Processes are fundamental to Linux operating system. In order to understand how a Linux process works, it's important to know about its environment. For example, things like how main() function is called, how command line arguments are passed to a program, how a program accesses environment variables, how a process is laid out in memory, and different ways to terminate a process. In this two-part article series, we will touch base on all these aspects from a beginners point of view.
The main() Function
As a programmer, generally we know that the main() is the first function that gets called when a program is executed. But, have you ever thought who calls it? What happens before main() is executed?
Well, whenever you execute a program through command line, here is an overview of what happens:
- The shell calls one of the exec family of functions with binary name, argument count (argc), and argument array (argv).
- A kernel handler function is invoked which passes all the information to kernel. This information consists of pointer to program name string, argv array pointer, environment variable array pointer, and more.
- The kernel then determines the executable file format (For example: ELF or a.out) being used, based on which it sets up related data structures like code size, data segment start, stack segment start, etc
- The kernel then allocates user mode pages for the process and copies the argument array and environment variables to those allocated page addresses.
- Finally, the _start() function is called, which is the entry point to a C executable. _start() then calls main() and passes all the required information to it.
That was just a brief overview. If you want to understand in detail each and every step that happens between when a program is executed and when main() is called, refer to this excellent tutorial.
Command Line Arguments
Now lets understand how a program accesses command line arguments. Lets take an example of the following code:
#include<stdio.h>
int main(void)
{
printf("\n This is a test program\n");
return 0;
}
So, as you can see, it's a very basic program that just prints a string in the output. Now, if you want the program to accept command line arguments, you have to first change the argument list of the main() function.
#include<stdio.h>
int main(int argc, char* argv[])
{
printf("\n This is a test program\n");
return 0;
}
In the code above, argc is an integer that represents the number of arguments (including the name of the binary), and argv is an array containing command line arguments as strings. Here are some more modifications that show how you can access command line arguments in code:
#include<stdio.h>
int main(int argc, char* argv[])
{
printf("\n This is a test program\n");
if(argc != 3)
{
printf("\n The program accepts 3 arguments\n");
return -1;
}
int temp = 0;
while(temp<3)
{
printf("\n %s \n", argv[temp]);
temp++;
}
return 0;
}
The program now makes of use of argc and argv. It loops over argc times and prints all the command line arguments passed to the program. Here is the output of the program when it is executed:
$ ./arg prog 5
This is a test program
./arg
prog
5
So you can see that the program, when executed through shell, prints all the command line arguments on stdout.
Environment List
Besides command line arguments, a program also receives information about the context in which it was invoked through the environment list passed to it. A standard environment list contains information like: user's home directory, terminal type, current locale, and so on; you can also define additional variables for other purposes.

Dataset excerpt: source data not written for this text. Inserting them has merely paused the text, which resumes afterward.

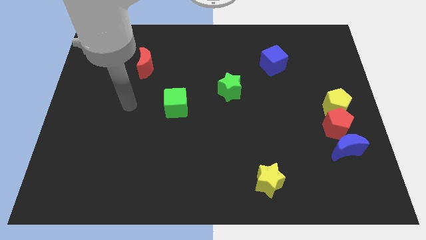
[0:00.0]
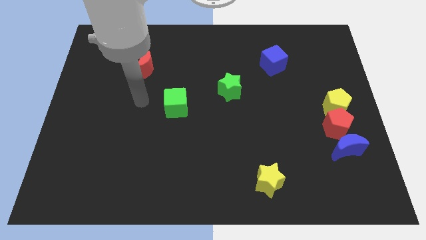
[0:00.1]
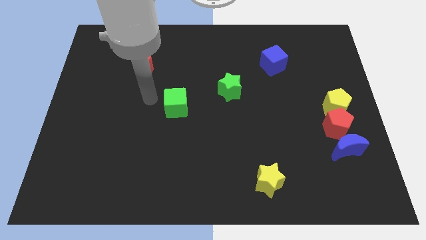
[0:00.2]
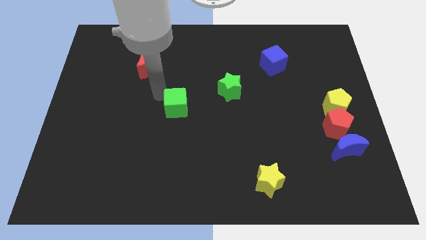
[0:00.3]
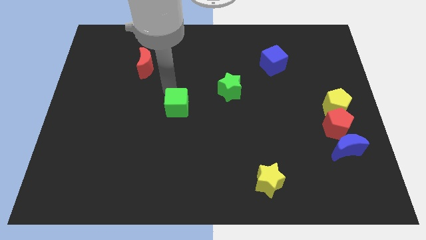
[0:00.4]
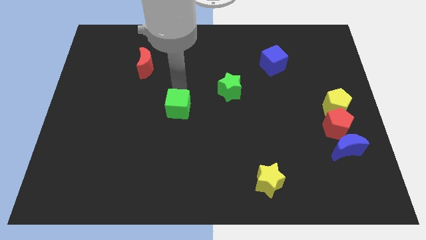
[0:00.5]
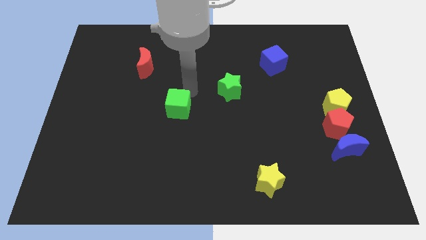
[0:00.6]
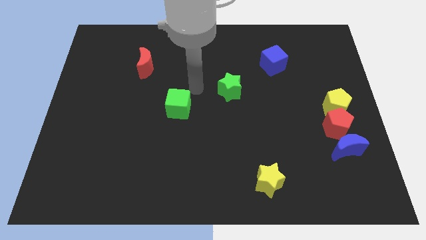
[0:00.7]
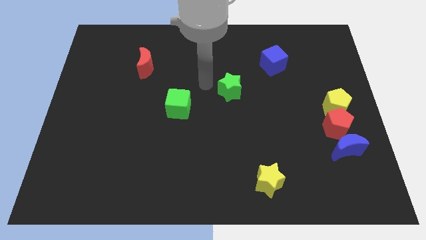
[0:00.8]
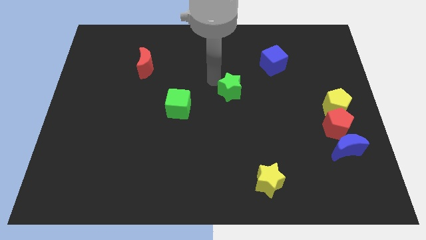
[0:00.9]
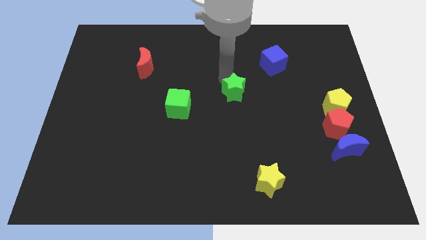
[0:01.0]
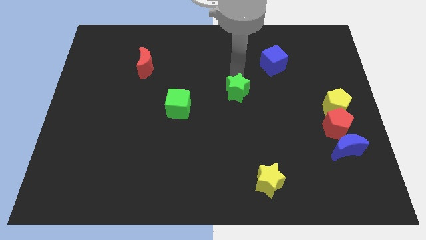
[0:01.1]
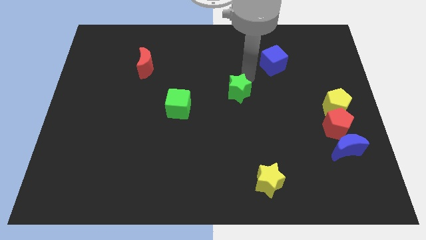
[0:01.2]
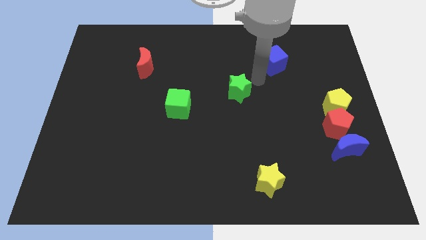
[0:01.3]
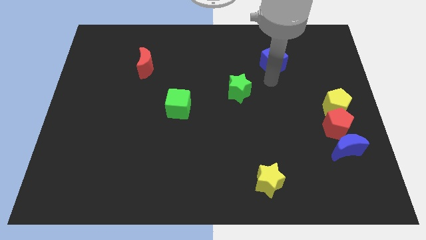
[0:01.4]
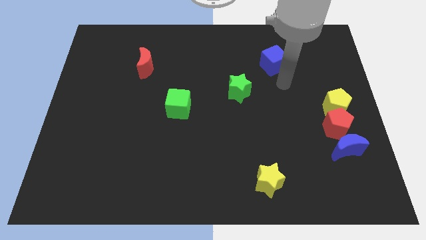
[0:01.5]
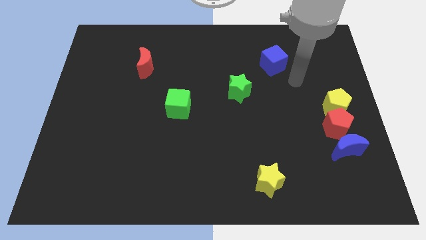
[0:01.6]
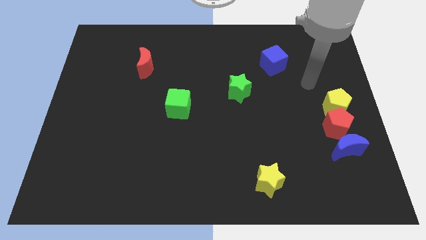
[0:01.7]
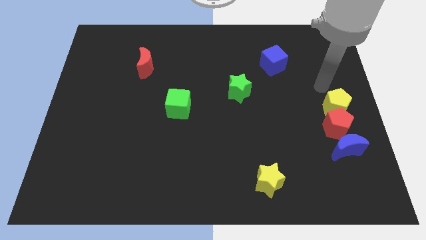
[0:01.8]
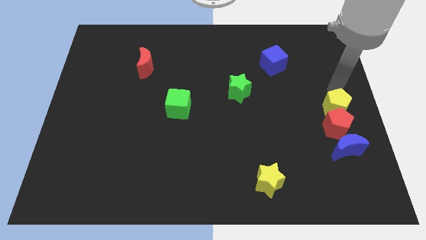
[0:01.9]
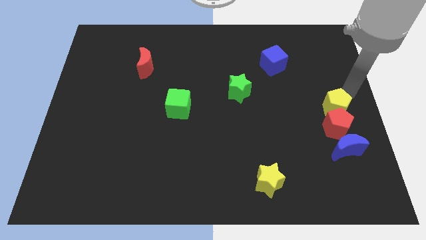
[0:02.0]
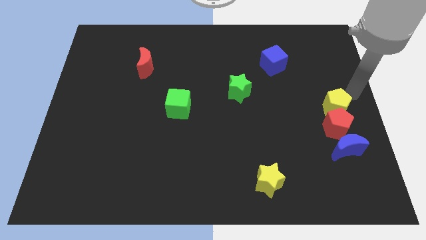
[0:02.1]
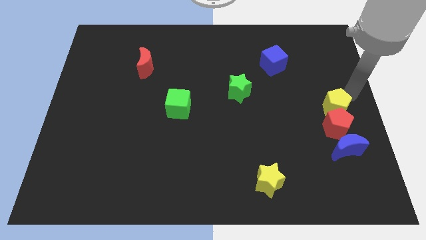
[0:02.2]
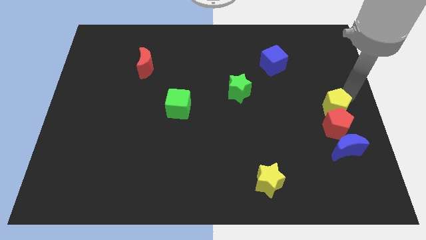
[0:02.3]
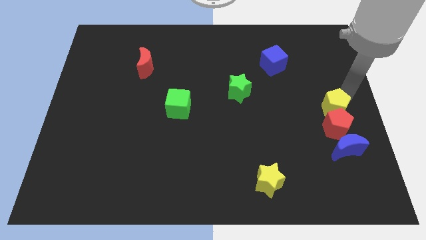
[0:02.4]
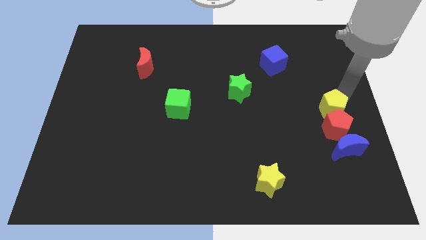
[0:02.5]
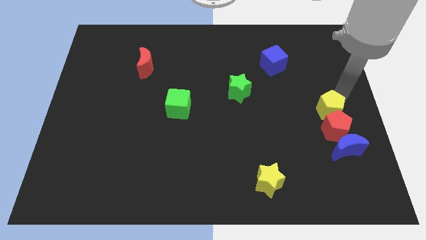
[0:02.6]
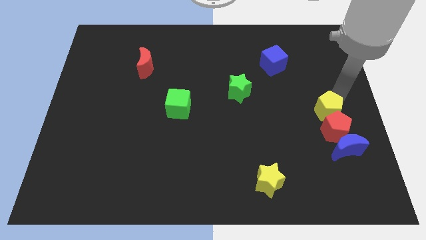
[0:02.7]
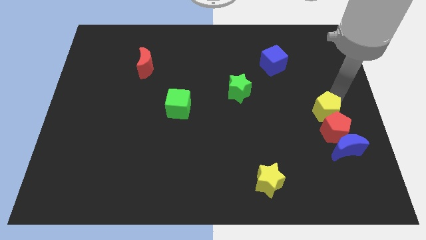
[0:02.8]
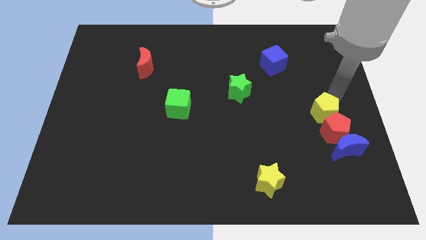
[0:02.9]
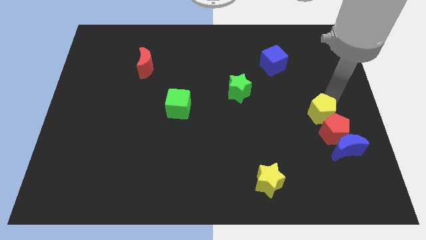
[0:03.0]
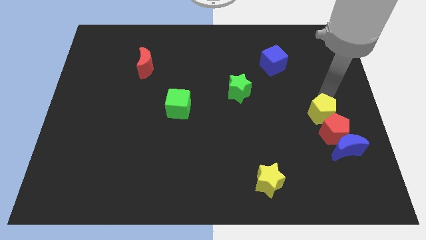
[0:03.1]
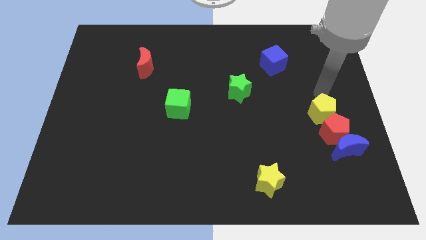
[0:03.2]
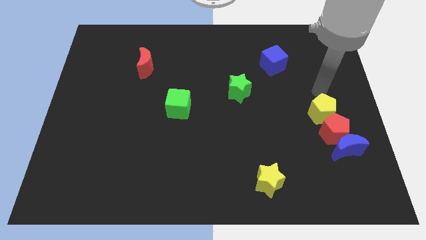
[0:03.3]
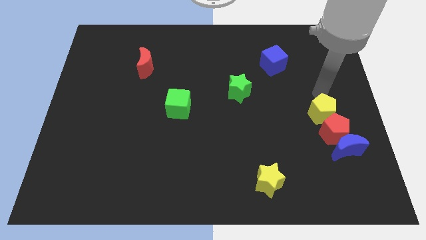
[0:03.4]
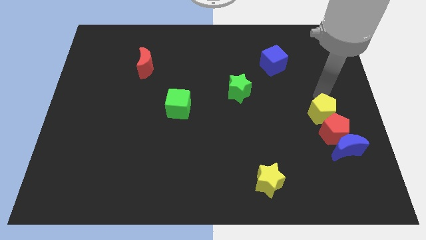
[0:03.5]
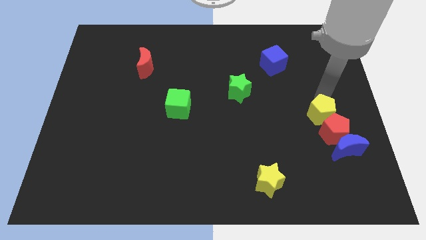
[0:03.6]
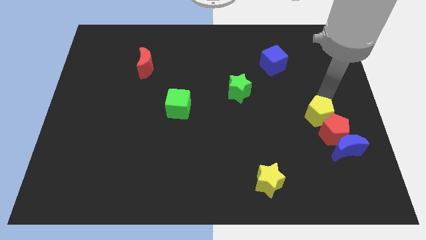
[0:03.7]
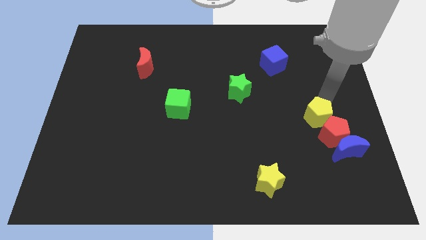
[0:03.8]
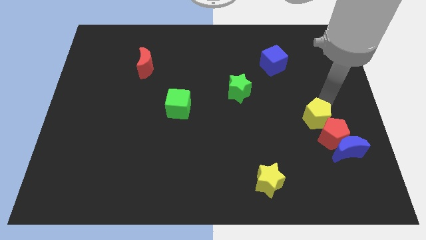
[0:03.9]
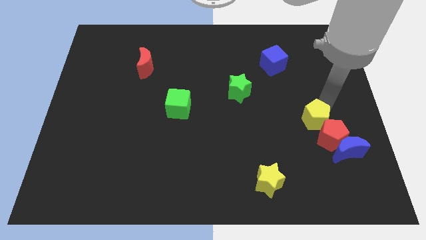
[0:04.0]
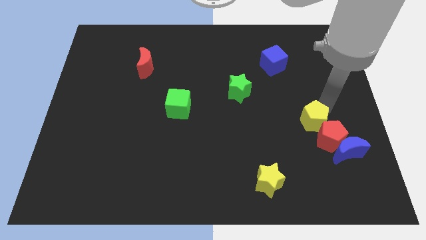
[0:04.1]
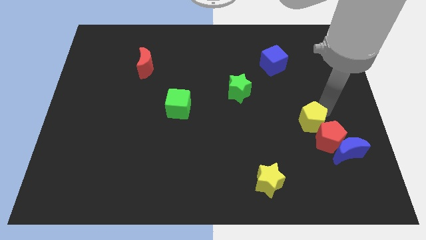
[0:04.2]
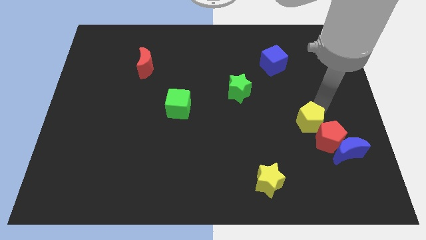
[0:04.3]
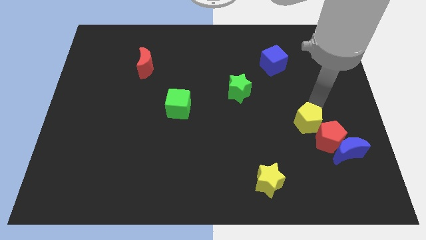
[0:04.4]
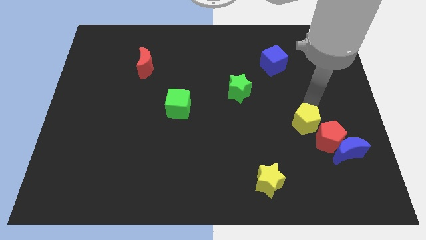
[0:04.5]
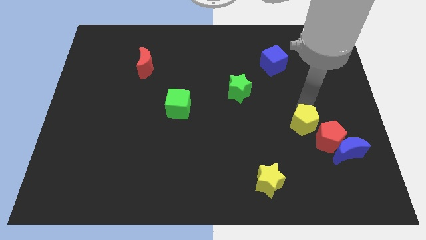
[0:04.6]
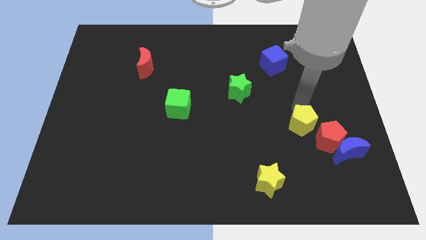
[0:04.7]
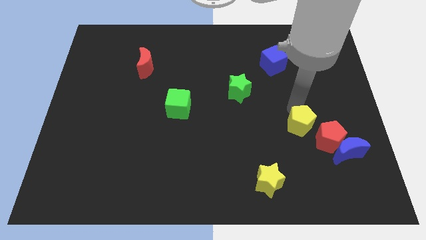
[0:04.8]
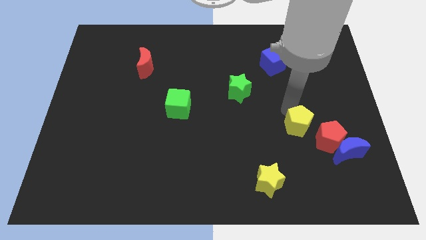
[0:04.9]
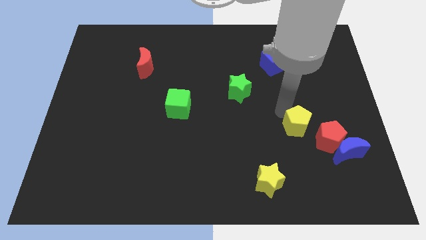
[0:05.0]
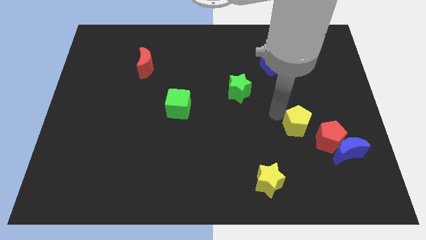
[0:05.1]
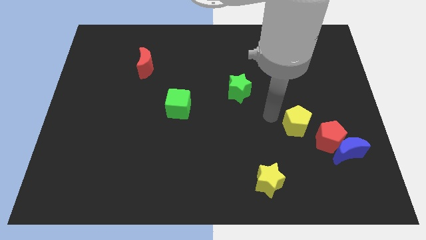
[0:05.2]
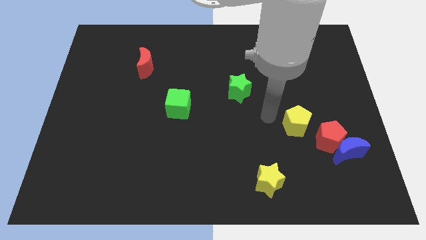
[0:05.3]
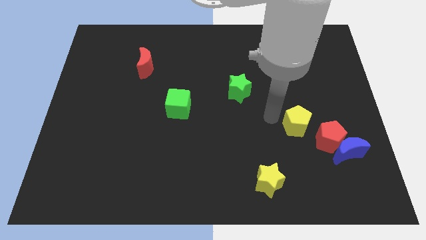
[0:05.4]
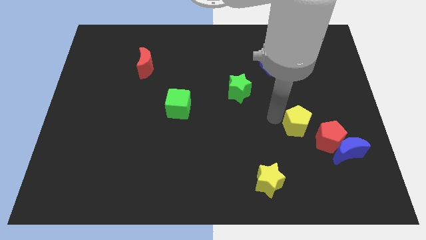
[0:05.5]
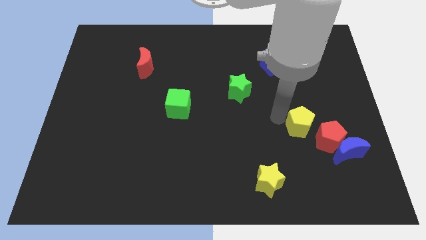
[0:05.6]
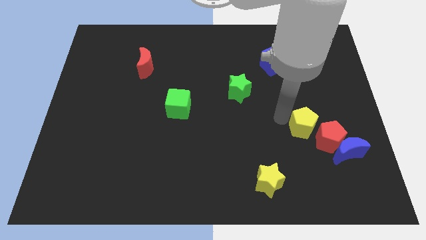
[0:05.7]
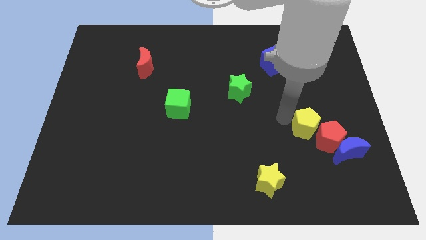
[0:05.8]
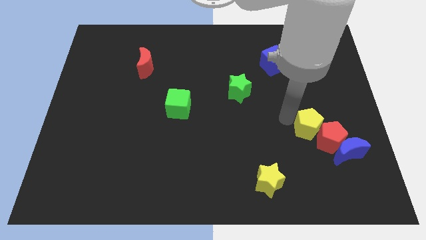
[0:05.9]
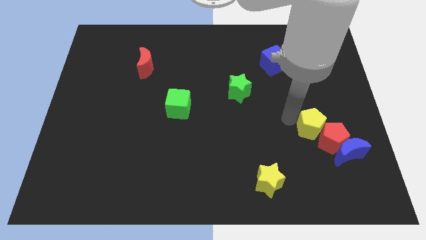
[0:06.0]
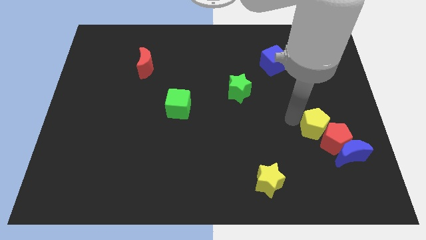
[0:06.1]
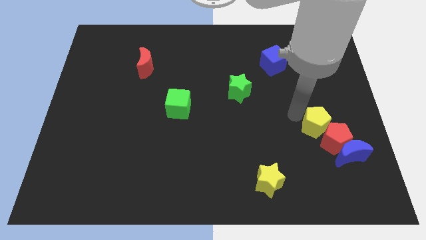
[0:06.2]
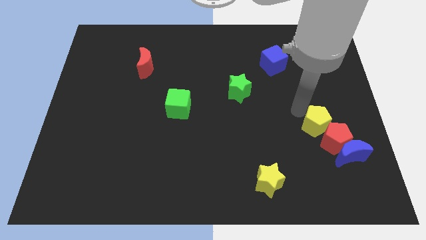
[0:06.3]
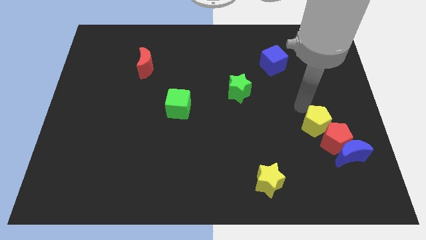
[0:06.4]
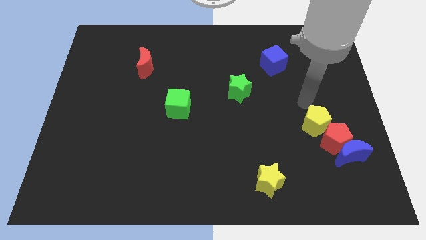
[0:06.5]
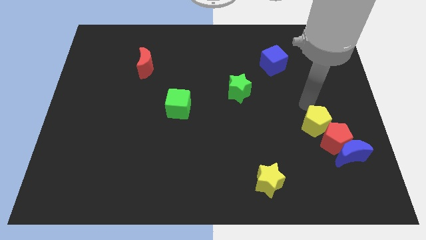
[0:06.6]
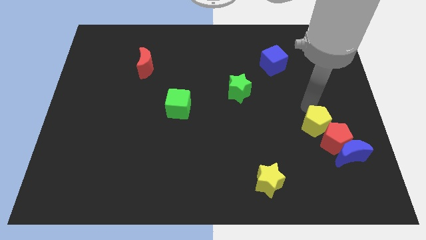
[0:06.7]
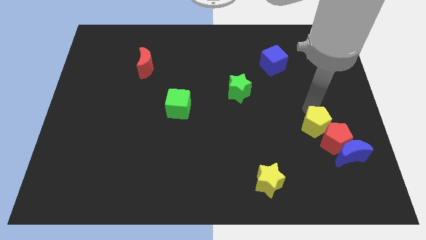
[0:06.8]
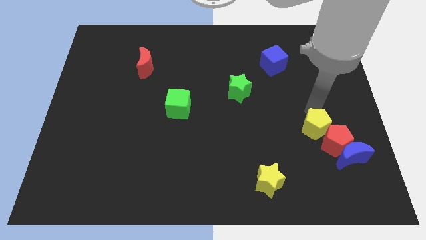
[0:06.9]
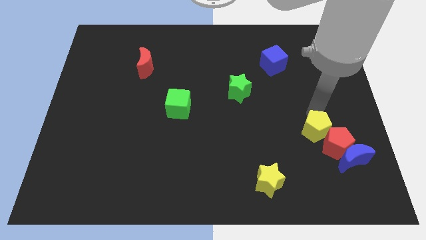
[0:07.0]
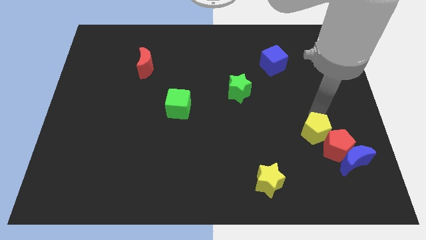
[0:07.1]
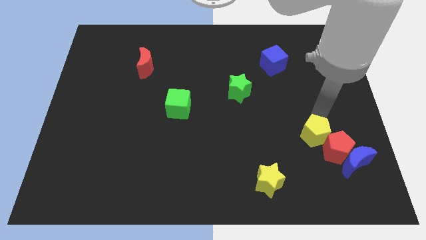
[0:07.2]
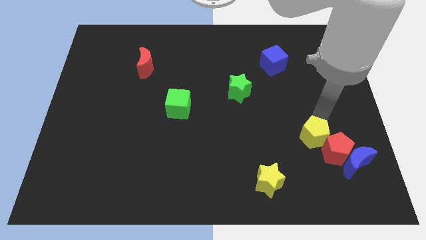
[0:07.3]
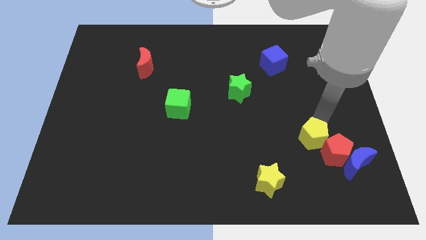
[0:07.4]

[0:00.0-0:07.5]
slide the yellow pentagon a bit downwards

By convention, the environment variables are defined in the following format:
name=value
The names are defined in upper case, but this is only a convention.

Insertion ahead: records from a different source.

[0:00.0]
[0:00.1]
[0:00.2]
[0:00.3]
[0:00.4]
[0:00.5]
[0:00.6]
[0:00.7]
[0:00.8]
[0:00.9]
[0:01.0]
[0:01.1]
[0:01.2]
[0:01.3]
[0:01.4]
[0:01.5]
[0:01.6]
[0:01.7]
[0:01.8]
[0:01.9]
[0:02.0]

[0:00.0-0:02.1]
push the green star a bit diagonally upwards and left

Just like the command line argument list, the environment list is also an array of pointers pointing to the address of a null-terminated string. And the environment list can be accessed through a global variable environ, which is defined as a pointer to pointer to char.
Here is an example, how to use environment list in a C program:
#include<stdio.h>
extern char **environ;
int main(int argc, char* argv[])
{
printf("\n This is a test program\n");
char **tmp = environ;
while(*tmp != '')
{
printf("\n %s \n", *tmp);
tmp++;
}
return 0;
}
So, as you can see, the environ variable is already defined as a global variable, so you've to just declare it as an extern variable. Using a temp pointer variable, to which you assign the address held by environ variable, the program loops over and prints each environment variable.
Here is the output:
This is a test program
XDG_VTNR=7
SSH_AGENT_PID=1508
XDG_SESSION_ID=c2
CLUTTER_IM_MODULE=xim
SESSION=ubuntu
GPG_AGENT_INFO=/run/user/1000/keyring-TfWiqP/gpg:0:1
TERM=xterm
XDG_MENU_PREFIX=gnome-
SHELL=/bin/bash
VTE_VERSION=3409
WINDOWID=69206026
UPSTART_SESSION=unix:abstract=/com/ubuntu/upstart-session/1000/1441
GNOME_KEYRING_CONTROL=/run/user/1000/keyring-TfWiqP
GTK_MODULES=overlay-scrollbar:unity-gtk-module
USER=himanshu
...
...
...
Conclusion
In this article, we learned about how main() function is called and how command line arguments and environment list can be accessed in the code.